## Required work
Print out each entry below exactly; do not carry over any image.
[Opening Recorded data section]
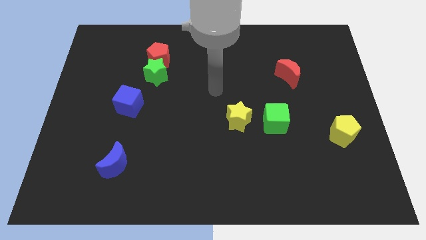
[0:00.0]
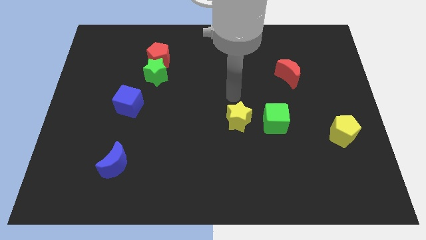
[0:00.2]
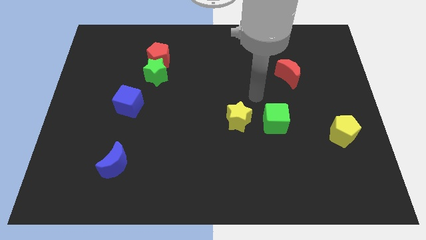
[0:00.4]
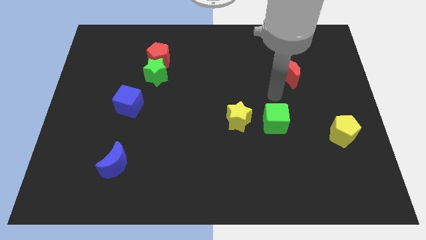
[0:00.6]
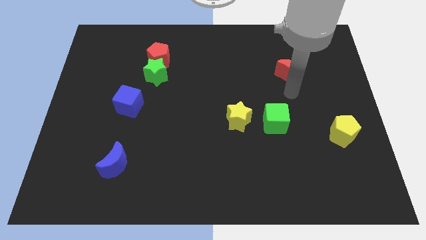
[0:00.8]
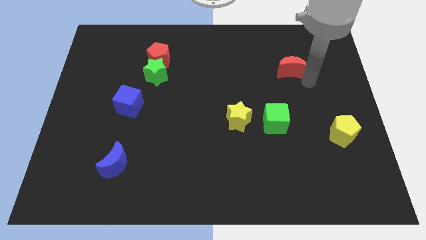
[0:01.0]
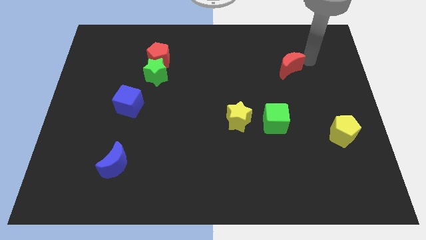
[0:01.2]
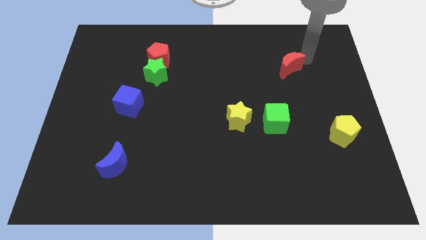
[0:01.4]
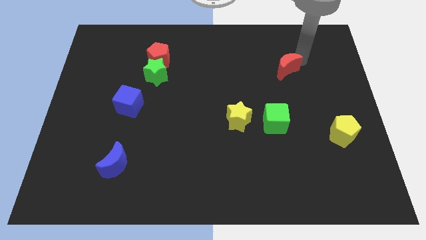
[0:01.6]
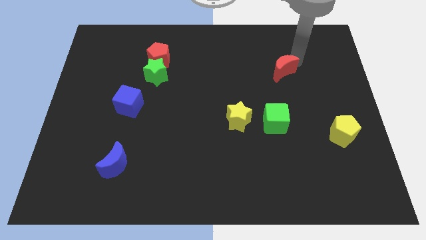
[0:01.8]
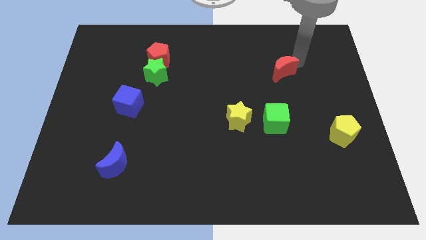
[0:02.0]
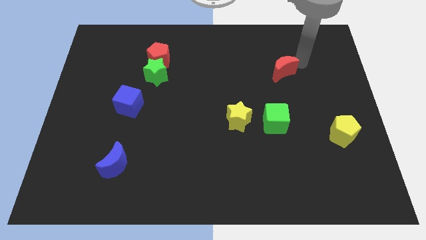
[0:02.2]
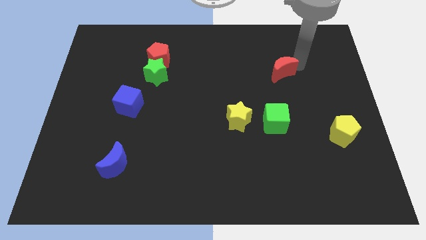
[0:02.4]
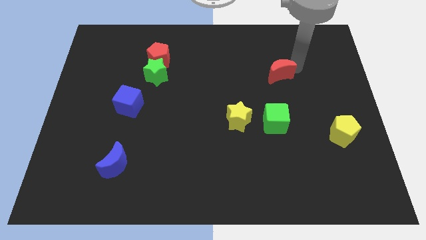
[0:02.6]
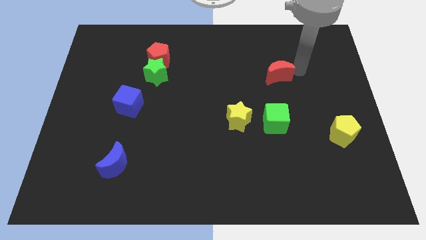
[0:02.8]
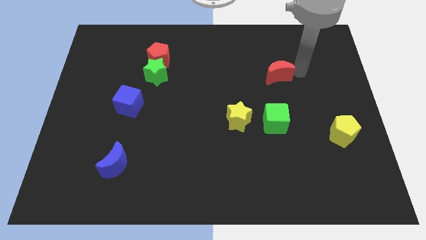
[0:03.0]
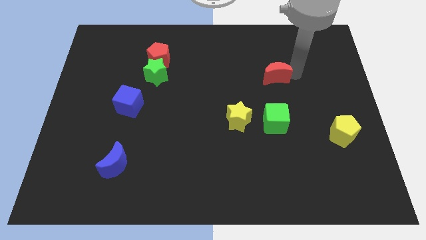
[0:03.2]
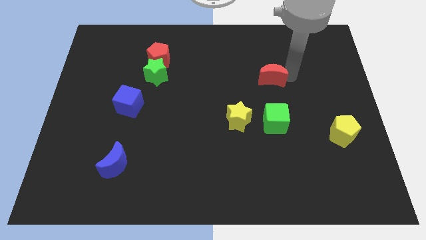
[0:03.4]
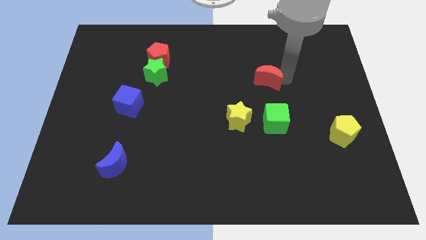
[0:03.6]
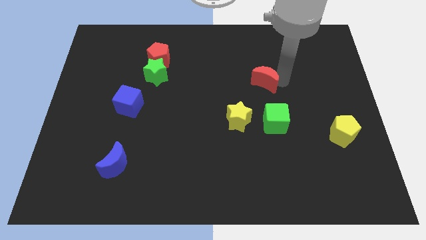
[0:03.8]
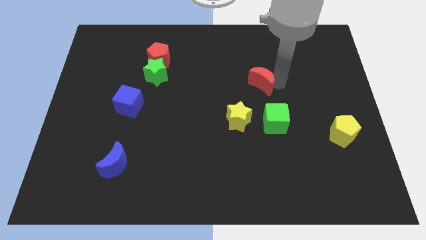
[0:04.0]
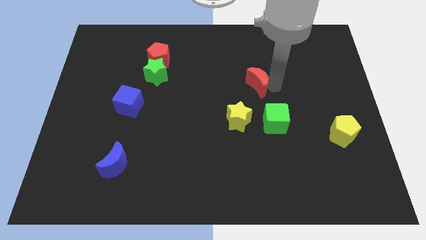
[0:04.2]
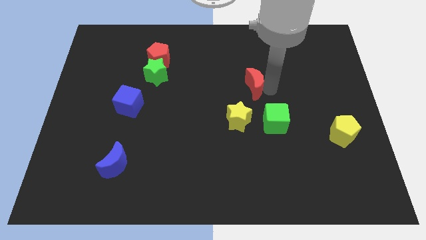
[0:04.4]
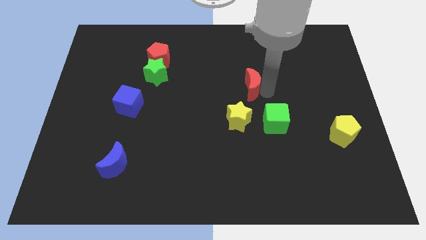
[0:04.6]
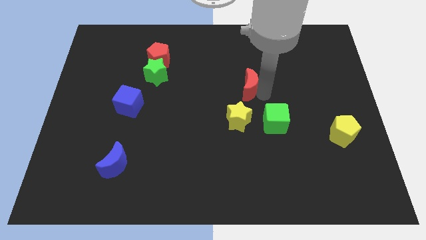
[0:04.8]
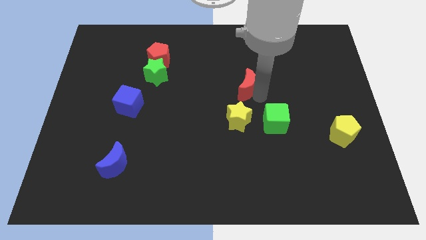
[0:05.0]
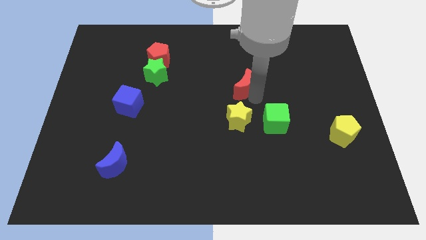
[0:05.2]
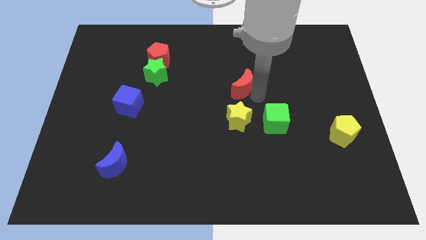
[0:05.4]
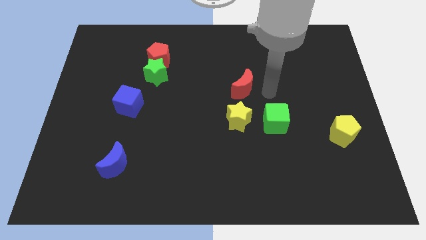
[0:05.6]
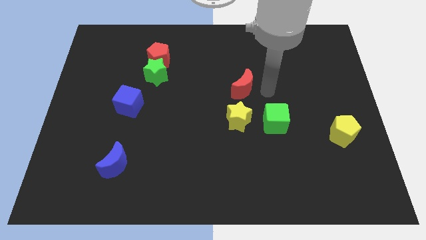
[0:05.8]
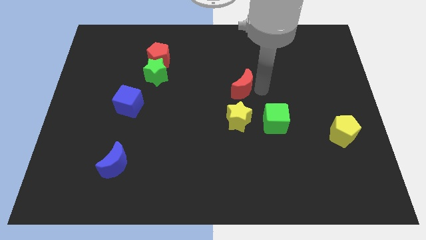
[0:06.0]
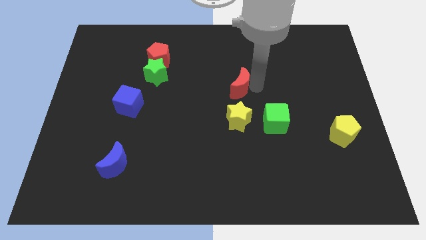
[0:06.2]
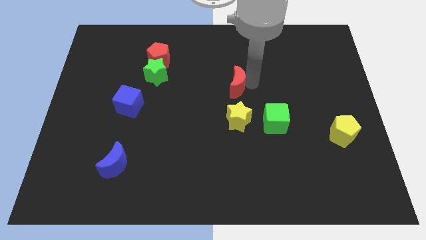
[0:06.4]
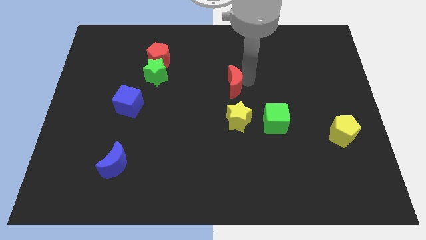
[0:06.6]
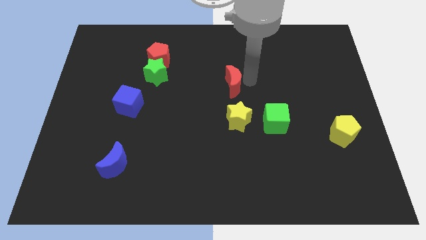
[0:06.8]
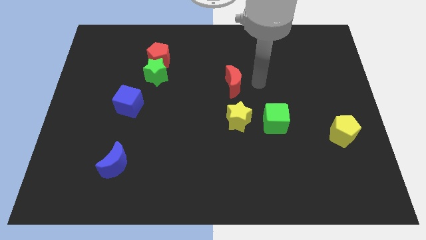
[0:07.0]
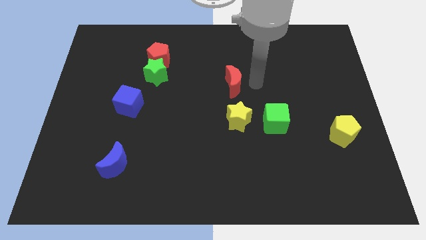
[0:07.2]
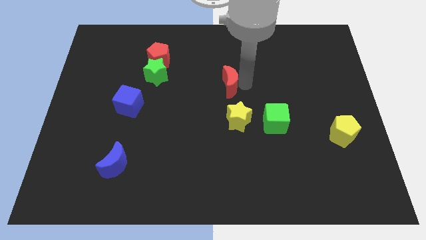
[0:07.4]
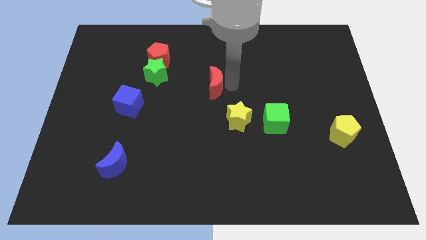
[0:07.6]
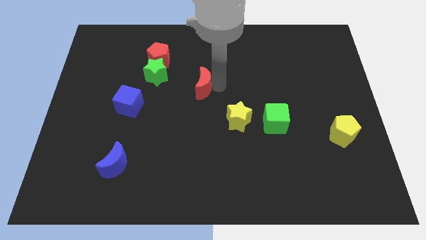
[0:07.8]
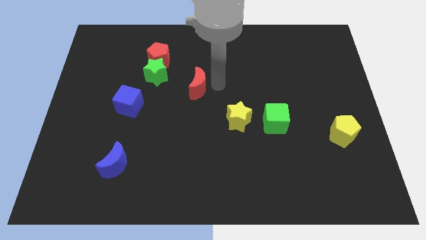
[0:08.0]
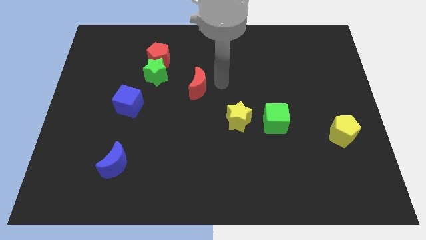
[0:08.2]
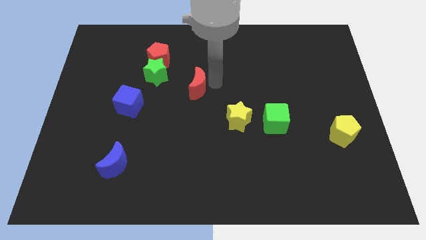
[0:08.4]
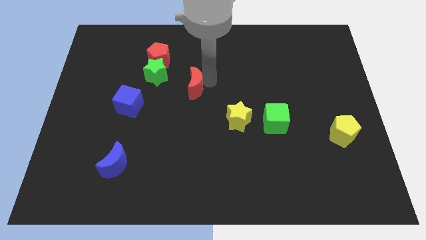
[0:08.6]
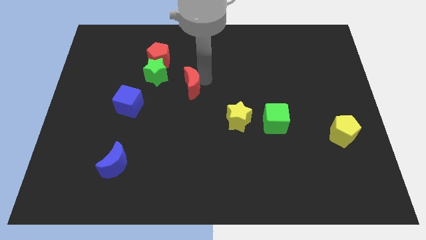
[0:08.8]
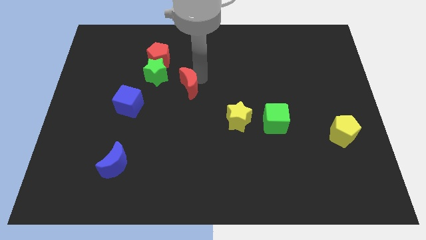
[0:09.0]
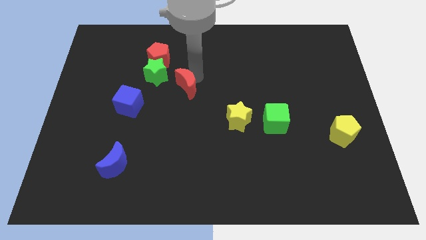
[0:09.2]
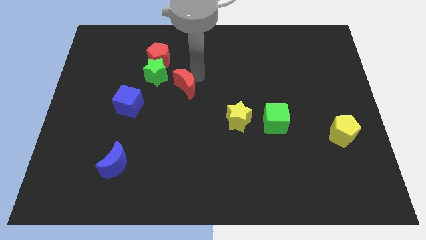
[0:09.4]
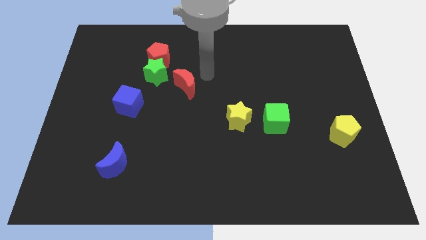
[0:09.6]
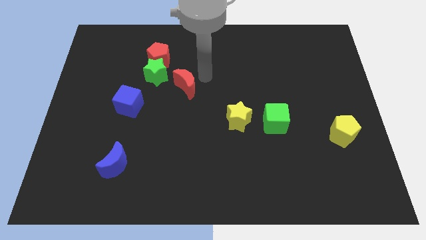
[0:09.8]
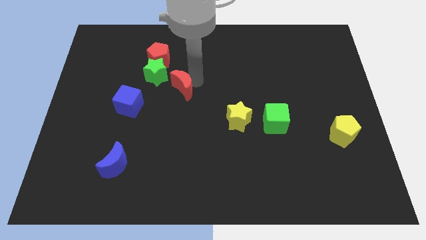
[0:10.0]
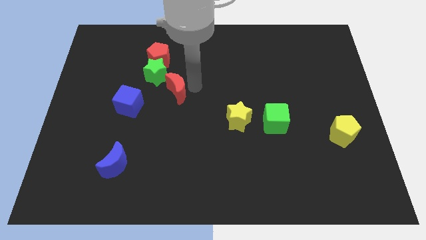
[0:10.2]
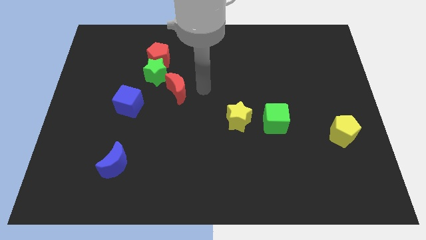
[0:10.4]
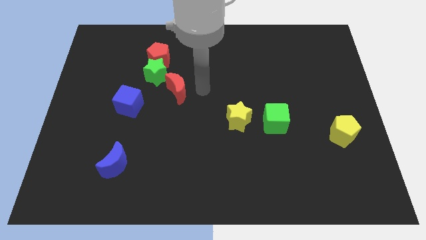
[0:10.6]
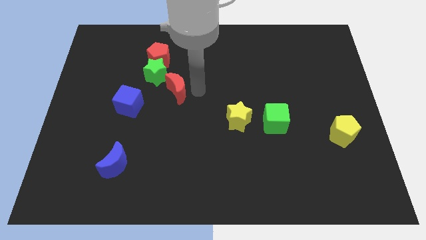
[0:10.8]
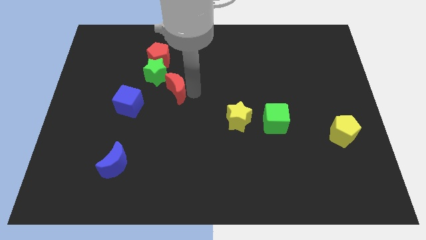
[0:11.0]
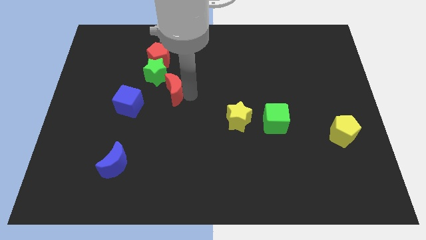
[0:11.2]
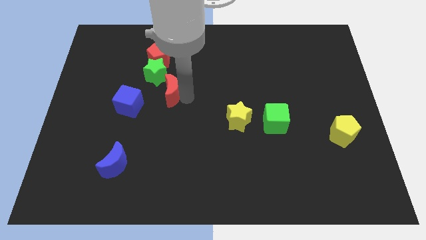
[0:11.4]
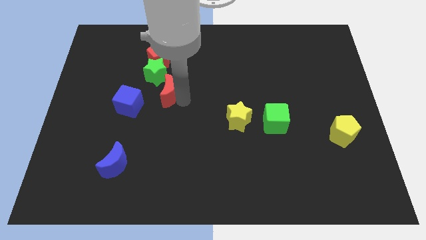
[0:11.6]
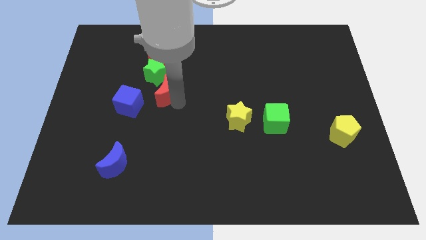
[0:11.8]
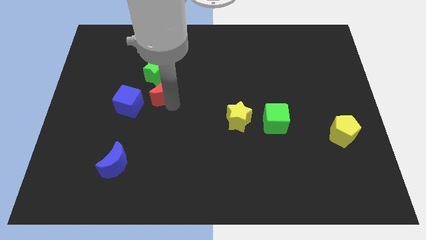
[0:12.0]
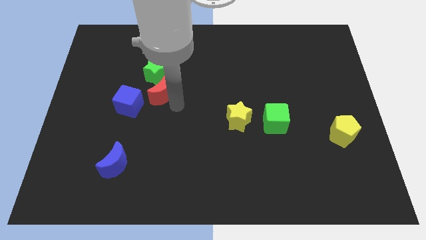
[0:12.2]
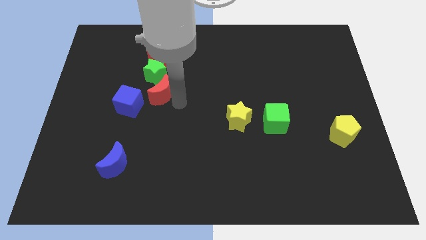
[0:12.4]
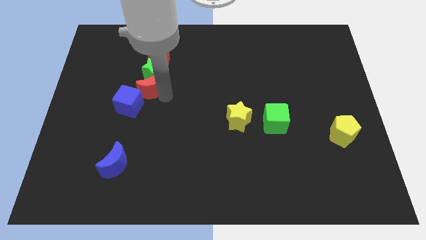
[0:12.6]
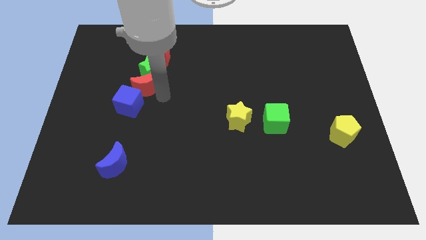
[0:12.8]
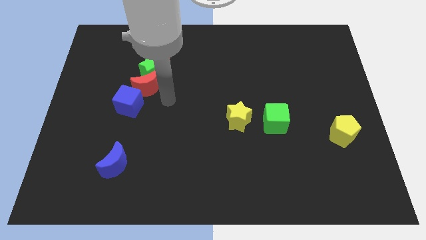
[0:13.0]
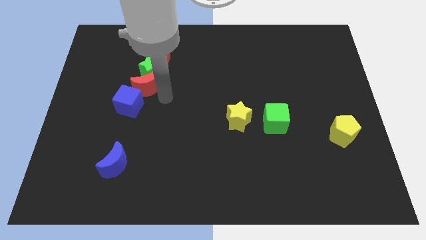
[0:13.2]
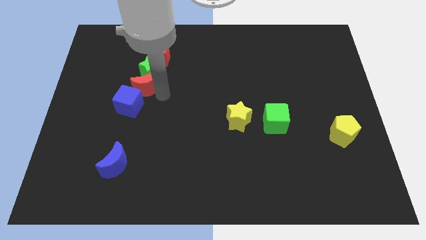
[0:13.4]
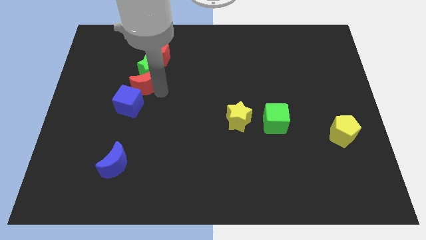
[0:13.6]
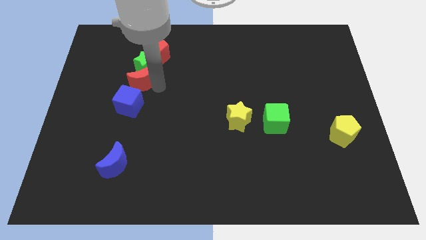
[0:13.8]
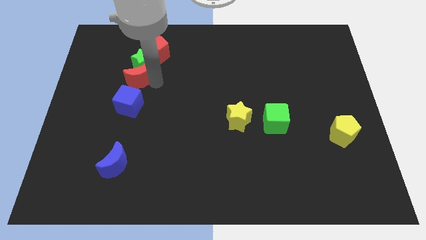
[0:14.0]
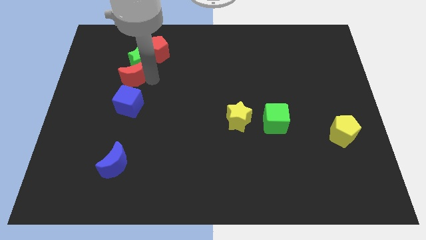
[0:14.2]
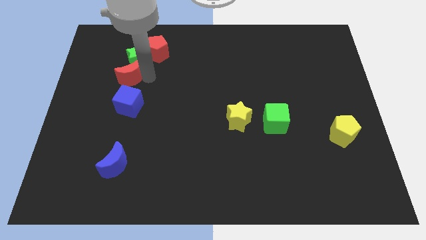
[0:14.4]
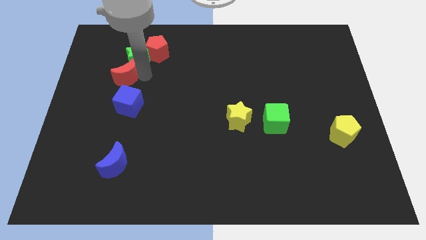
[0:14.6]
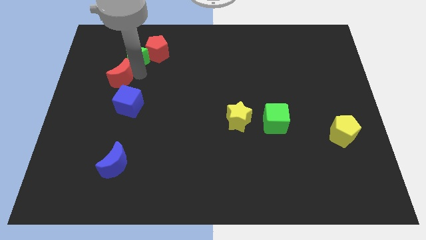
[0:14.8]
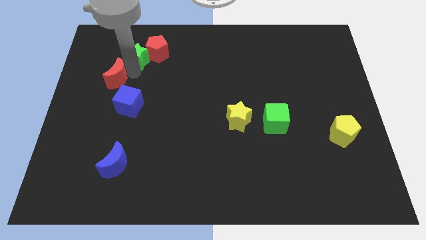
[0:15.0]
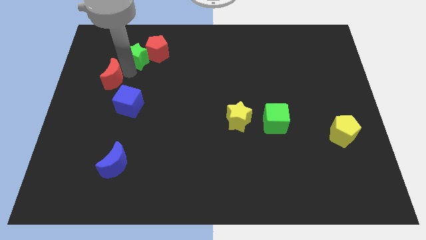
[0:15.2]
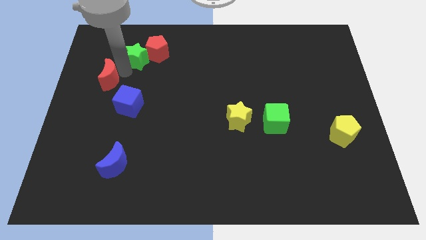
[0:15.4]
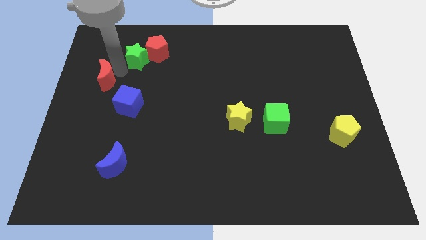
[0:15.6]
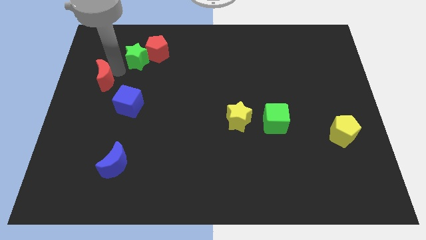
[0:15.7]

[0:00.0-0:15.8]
push the red moon to the center left
[Closing Recorded data section]
## Answer to the problem
[0:00.0]
[0:00.2]
[0:00.4]
[0:00.6]
[0:00.8]
[0:01.0]
[0:01.2]
[0:01.4]
[0:01.6]
[0:01.8]
[0:02.0]
[0:02.2]
[0:02.4]
[0:02.6]
[0:02.8]
[0:03.0]
[0:03.2]
[0:03.4]
[0:03.6]
[0:03.8]
[0:04.0]
[0:04.2]
[0:04.4]
[0:04.6]
[0:04.8]
[0:05.0]
[0:05.2]
[0:05.4]
[0:05.6]
[0:05.8]
[0:06.0]
[0:06.2]
[0:06.4]
[0:06.6]
[0:06.8]
[0:07.0]
[0:07.2]
[0:07.4]
[0:07.6]
[0:07.8]
[0:08.0]
[0:08.2]
[0:08.4]
[0:08.6]
[0:08.8]
[0:09.0]
[0:09.2]
[0:09.4]
[0:09.6]
[0:09.8]
[0:10.0]
[0:10.2]
[0:10.4]
[0:10.6]
[0:10.8]
[0:11.0]
[0:11.2]
[0:11.4]
[0:11.6]
[0:11.8]
[0:12.0]
[0:12.2]
[0:12.4]
[0:12.6]
[0:12.8]
[0:13.0]
[0:13.2]
[0:13.4]
[0:13.6]
[0:13.8]
[0:14.0]
[0:14.2]
[0:14.4]
[0:14.6]
[0:14.8]
[0:15.0]
[0:15.2]
[0:15.4]
[0:15.6]
[0:15.7]

[0:00.0-0:15.8]
push the red moon to the center left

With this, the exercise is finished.